● **Given entries**:
****************

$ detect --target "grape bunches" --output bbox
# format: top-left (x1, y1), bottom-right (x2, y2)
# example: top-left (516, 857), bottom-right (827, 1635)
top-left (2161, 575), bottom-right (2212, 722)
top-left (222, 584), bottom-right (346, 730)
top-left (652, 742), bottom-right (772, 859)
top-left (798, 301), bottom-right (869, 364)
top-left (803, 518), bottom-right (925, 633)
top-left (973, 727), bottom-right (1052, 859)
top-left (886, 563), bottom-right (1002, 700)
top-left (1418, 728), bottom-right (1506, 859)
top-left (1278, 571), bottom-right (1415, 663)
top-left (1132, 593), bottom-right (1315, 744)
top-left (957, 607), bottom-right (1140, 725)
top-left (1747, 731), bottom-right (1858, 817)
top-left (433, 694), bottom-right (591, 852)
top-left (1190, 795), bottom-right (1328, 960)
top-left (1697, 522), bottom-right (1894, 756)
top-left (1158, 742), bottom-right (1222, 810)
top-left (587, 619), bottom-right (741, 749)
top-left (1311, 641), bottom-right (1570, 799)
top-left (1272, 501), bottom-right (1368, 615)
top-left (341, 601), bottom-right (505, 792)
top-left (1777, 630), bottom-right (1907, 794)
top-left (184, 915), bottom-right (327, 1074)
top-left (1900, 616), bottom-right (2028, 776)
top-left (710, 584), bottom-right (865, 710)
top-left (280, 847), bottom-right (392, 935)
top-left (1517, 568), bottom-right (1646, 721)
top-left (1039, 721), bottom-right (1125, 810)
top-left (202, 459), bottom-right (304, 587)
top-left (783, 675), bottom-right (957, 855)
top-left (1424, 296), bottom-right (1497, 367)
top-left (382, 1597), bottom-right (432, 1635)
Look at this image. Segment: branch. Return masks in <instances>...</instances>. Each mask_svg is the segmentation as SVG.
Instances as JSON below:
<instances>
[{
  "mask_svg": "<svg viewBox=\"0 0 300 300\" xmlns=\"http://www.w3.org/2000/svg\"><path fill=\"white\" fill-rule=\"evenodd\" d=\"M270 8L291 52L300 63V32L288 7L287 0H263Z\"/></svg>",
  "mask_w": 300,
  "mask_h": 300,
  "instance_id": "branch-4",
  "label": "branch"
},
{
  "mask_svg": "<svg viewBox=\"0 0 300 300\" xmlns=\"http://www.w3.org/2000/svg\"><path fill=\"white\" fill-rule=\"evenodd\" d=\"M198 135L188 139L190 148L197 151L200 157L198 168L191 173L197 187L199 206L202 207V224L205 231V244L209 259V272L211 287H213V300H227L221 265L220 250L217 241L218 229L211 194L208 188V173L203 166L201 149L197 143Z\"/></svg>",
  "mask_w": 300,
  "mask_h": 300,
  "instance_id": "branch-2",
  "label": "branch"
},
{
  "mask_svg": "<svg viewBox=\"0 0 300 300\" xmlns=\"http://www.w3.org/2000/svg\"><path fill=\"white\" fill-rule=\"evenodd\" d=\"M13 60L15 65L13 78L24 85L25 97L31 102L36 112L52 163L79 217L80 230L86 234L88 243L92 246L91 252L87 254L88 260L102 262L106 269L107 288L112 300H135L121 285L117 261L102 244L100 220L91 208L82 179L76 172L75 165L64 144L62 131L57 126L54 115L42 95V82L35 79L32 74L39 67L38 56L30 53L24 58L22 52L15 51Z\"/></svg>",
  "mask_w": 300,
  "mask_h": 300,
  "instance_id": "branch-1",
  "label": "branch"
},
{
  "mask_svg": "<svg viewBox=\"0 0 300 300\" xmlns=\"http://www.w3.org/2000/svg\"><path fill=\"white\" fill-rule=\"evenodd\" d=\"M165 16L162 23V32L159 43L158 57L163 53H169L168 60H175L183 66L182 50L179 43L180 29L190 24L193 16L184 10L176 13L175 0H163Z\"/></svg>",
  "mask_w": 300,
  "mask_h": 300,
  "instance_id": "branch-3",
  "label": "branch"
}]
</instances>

****************

Every entry must be duplicated exactly as it was written.

$ detect --target "grape bunches" --output bbox
# format: top-left (x1, y1), bottom-right (x2, y2)
# example: top-left (516, 857), bottom-right (827, 1635)
top-left (2161, 575), bottom-right (2212, 722)
top-left (222, 584), bottom-right (346, 730)
top-left (652, 742), bottom-right (772, 859)
top-left (798, 301), bottom-right (869, 364)
top-left (803, 518), bottom-right (925, 633)
top-left (973, 727), bottom-right (1052, 859)
top-left (886, 563), bottom-right (1002, 700)
top-left (1418, 728), bottom-right (1506, 859)
top-left (1278, 571), bottom-right (1415, 663)
top-left (1132, 593), bottom-right (1315, 744)
top-left (957, 607), bottom-right (1140, 725)
top-left (1747, 731), bottom-right (1858, 817)
top-left (433, 694), bottom-right (591, 852)
top-left (1190, 795), bottom-right (1328, 960)
top-left (1697, 522), bottom-right (1894, 756)
top-left (1158, 742), bottom-right (1222, 810)
top-left (587, 619), bottom-right (741, 749)
top-left (1311, 641), bottom-right (1570, 799)
top-left (1272, 501), bottom-right (1368, 615)
top-left (341, 601), bottom-right (505, 792)
top-left (1777, 630), bottom-right (1907, 794)
top-left (184, 915), bottom-right (327, 1074)
top-left (1900, 616), bottom-right (2028, 776)
top-left (710, 584), bottom-right (865, 710)
top-left (280, 847), bottom-right (392, 935)
top-left (1517, 568), bottom-right (1646, 721)
top-left (1039, 721), bottom-right (1125, 810)
top-left (202, 459), bottom-right (304, 587)
top-left (783, 675), bottom-right (957, 855)
top-left (1424, 296), bottom-right (1497, 367)
top-left (382, 1597), bottom-right (432, 1635)
Look at this image. Segment: branch. Return masks in <instances>...</instances>. Each mask_svg is the segmentation as SVG.
Instances as JSON below:
<instances>
[{
  "mask_svg": "<svg viewBox=\"0 0 300 300\" xmlns=\"http://www.w3.org/2000/svg\"><path fill=\"white\" fill-rule=\"evenodd\" d=\"M270 8L291 52L300 63V32L288 7L287 0H263Z\"/></svg>",
  "mask_w": 300,
  "mask_h": 300,
  "instance_id": "branch-4",
  "label": "branch"
},
{
  "mask_svg": "<svg viewBox=\"0 0 300 300\" xmlns=\"http://www.w3.org/2000/svg\"><path fill=\"white\" fill-rule=\"evenodd\" d=\"M198 135L188 139L190 148L197 151L200 157L198 168L191 173L197 187L199 206L202 207V224L205 231V244L209 259V272L211 287H213V300H227L221 265L220 250L217 241L218 229L211 194L208 188V173L203 166L201 149L197 143Z\"/></svg>",
  "mask_w": 300,
  "mask_h": 300,
  "instance_id": "branch-2",
  "label": "branch"
},
{
  "mask_svg": "<svg viewBox=\"0 0 300 300\" xmlns=\"http://www.w3.org/2000/svg\"><path fill=\"white\" fill-rule=\"evenodd\" d=\"M13 60L15 65L13 78L24 85L25 97L31 102L36 112L52 163L79 217L80 230L86 234L88 243L92 246L91 252L87 254L88 260L102 262L106 269L107 288L112 300H135L121 285L117 261L102 244L100 220L91 208L82 179L76 172L75 165L64 144L62 131L57 126L54 115L42 95V82L35 79L32 74L39 67L38 56L30 53L24 58L22 52L15 51Z\"/></svg>",
  "mask_w": 300,
  "mask_h": 300,
  "instance_id": "branch-1",
  "label": "branch"
},
{
  "mask_svg": "<svg viewBox=\"0 0 300 300\" xmlns=\"http://www.w3.org/2000/svg\"><path fill=\"white\" fill-rule=\"evenodd\" d=\"M165 16L162 23V32L159 43L158 57L163 53H169L168 60H175L183 66L182 50L179 43L180 29L190 24L193 16L184 10L176 13L175 0H163Z\"/></svg>",
  "mask_w": 300,
  "mask_h": 300,
  "instance_id": "branch-3",
  "label": "branch"
}]
</instances>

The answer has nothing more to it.